◆ **Work instructions**: In the listing below, find the line holding "Cardiomegaly: negative" and the line holding "Hernia: negative". Write out those two lines and all lines between, exactly, and nothing more.

◆ **Records to process**:
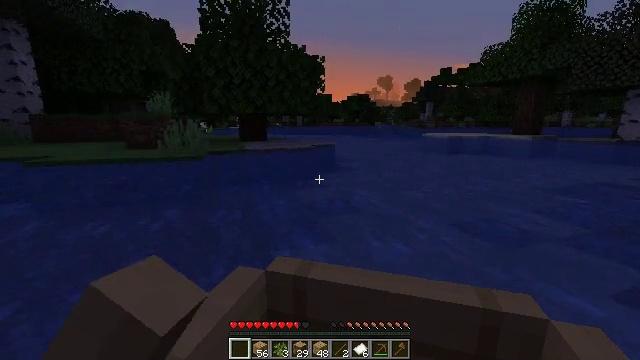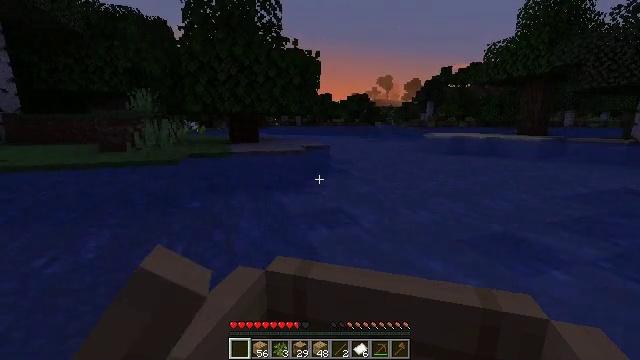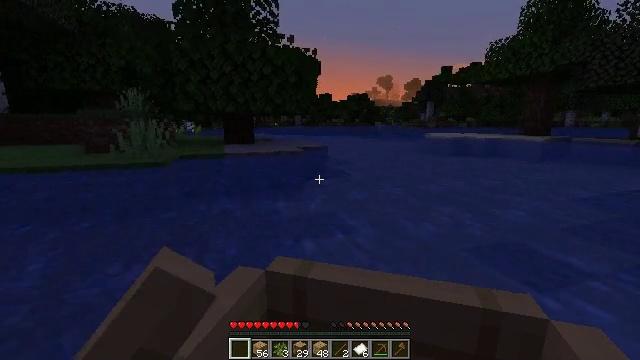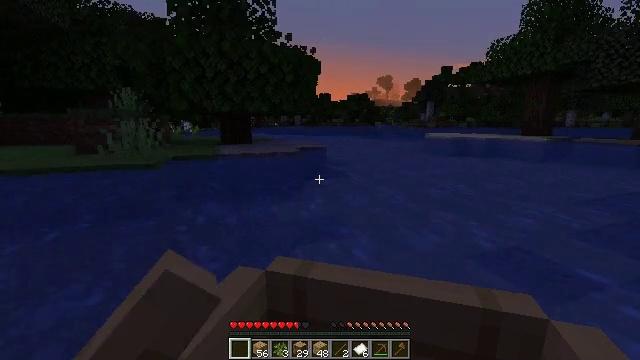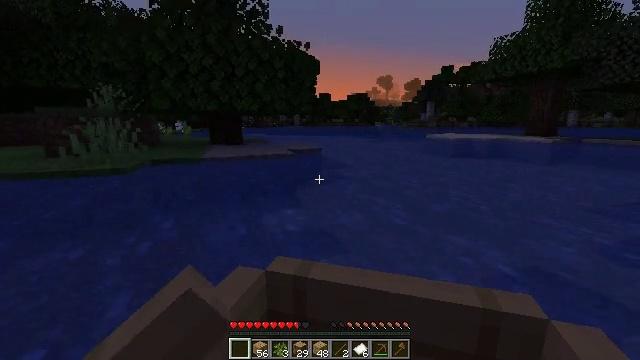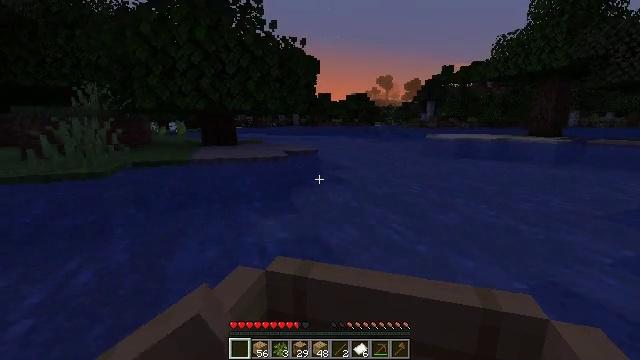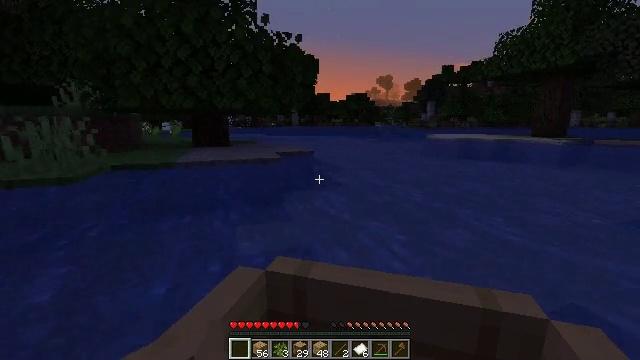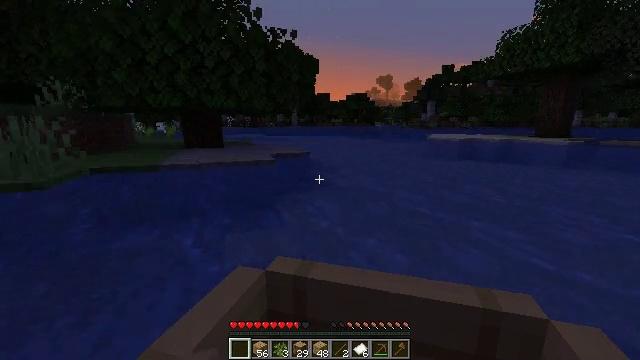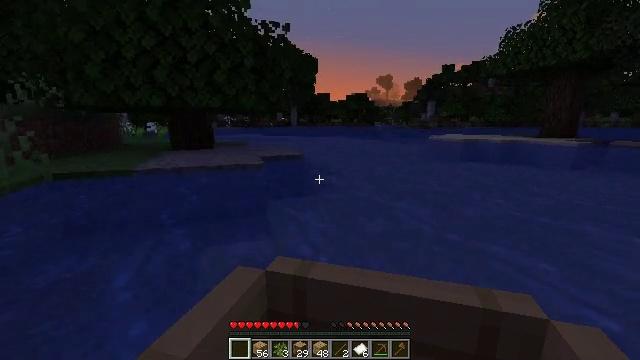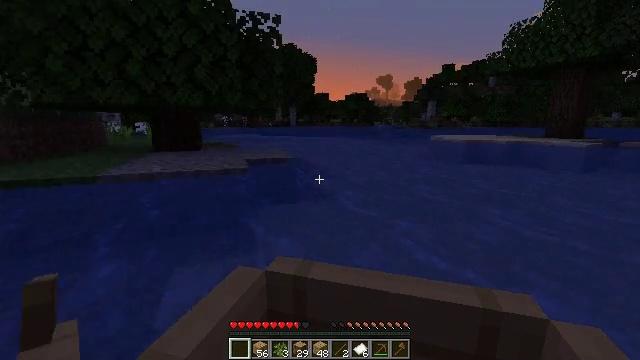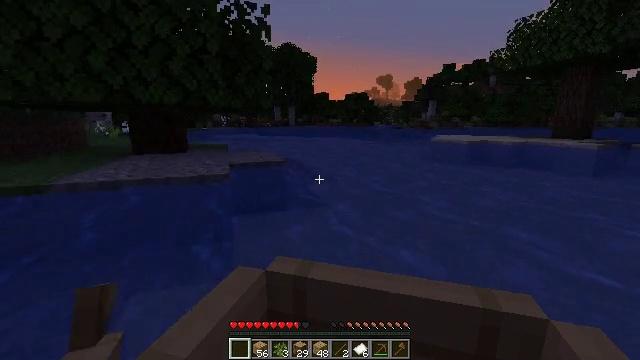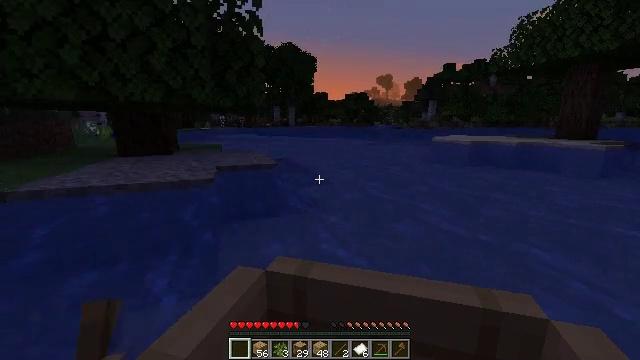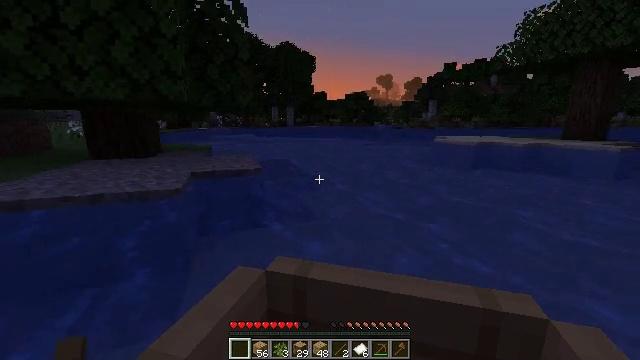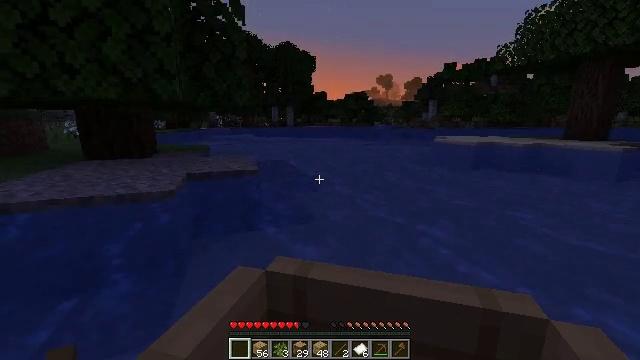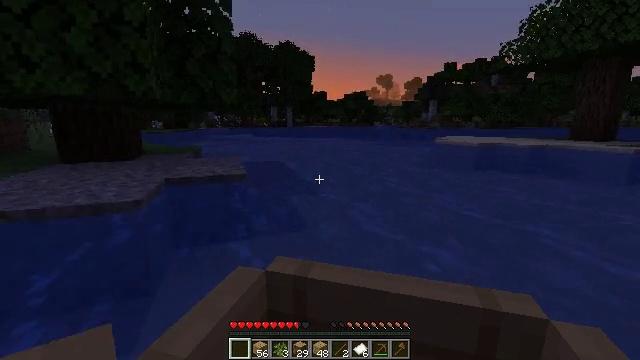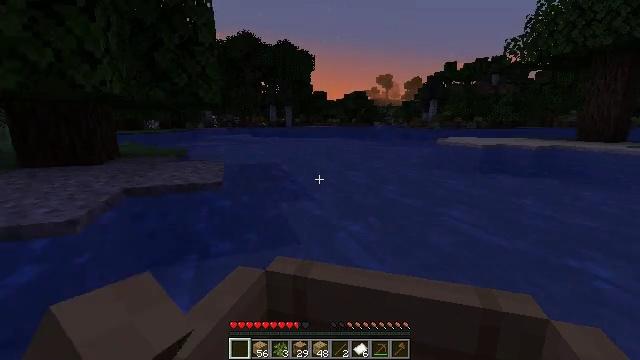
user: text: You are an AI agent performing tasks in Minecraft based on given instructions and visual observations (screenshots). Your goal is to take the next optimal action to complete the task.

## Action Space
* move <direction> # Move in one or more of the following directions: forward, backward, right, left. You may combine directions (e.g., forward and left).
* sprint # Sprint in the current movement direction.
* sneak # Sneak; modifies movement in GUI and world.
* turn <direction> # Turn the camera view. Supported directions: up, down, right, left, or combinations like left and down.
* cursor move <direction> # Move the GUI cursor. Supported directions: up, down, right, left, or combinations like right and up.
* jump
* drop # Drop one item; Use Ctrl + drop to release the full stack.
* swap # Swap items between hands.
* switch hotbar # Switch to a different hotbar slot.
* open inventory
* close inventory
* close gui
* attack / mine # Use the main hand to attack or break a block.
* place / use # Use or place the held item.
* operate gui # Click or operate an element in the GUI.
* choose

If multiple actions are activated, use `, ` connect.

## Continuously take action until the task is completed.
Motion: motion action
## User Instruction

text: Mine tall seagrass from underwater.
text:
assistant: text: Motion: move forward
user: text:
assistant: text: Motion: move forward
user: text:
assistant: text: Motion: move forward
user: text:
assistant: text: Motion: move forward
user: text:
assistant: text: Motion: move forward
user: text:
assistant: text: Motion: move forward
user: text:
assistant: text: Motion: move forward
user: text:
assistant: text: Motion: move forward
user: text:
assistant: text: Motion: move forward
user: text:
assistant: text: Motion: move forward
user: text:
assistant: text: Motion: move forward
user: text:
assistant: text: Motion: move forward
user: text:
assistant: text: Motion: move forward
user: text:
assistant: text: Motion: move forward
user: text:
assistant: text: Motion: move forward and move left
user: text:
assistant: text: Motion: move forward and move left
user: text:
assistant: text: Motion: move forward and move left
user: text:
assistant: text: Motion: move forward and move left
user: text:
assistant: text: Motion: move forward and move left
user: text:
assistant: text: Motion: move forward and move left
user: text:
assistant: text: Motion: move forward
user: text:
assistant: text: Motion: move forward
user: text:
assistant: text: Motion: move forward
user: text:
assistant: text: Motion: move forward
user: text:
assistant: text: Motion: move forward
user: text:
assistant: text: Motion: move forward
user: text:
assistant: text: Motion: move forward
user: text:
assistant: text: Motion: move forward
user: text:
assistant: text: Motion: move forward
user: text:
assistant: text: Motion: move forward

---

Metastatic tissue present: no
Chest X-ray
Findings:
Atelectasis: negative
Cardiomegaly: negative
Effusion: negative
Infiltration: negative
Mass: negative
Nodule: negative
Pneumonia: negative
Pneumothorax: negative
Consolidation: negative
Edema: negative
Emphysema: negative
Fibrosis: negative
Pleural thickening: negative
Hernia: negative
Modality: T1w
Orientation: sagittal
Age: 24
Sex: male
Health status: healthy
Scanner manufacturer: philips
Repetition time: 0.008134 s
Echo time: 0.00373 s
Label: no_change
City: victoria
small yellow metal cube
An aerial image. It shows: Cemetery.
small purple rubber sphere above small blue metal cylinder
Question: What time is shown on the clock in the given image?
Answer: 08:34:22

◆ **Response box**:
Cardiomegaly: negative
Effusion: negative
Infiltration: negative
Mass: negative
Nodule: negative
Pneumonia: negative
Pneumothorax: negative
Consolidation: negative
Edema: negative
Emphysema: negative
Fibrosis: negative
Pleural thickening: negative
Hernia: negative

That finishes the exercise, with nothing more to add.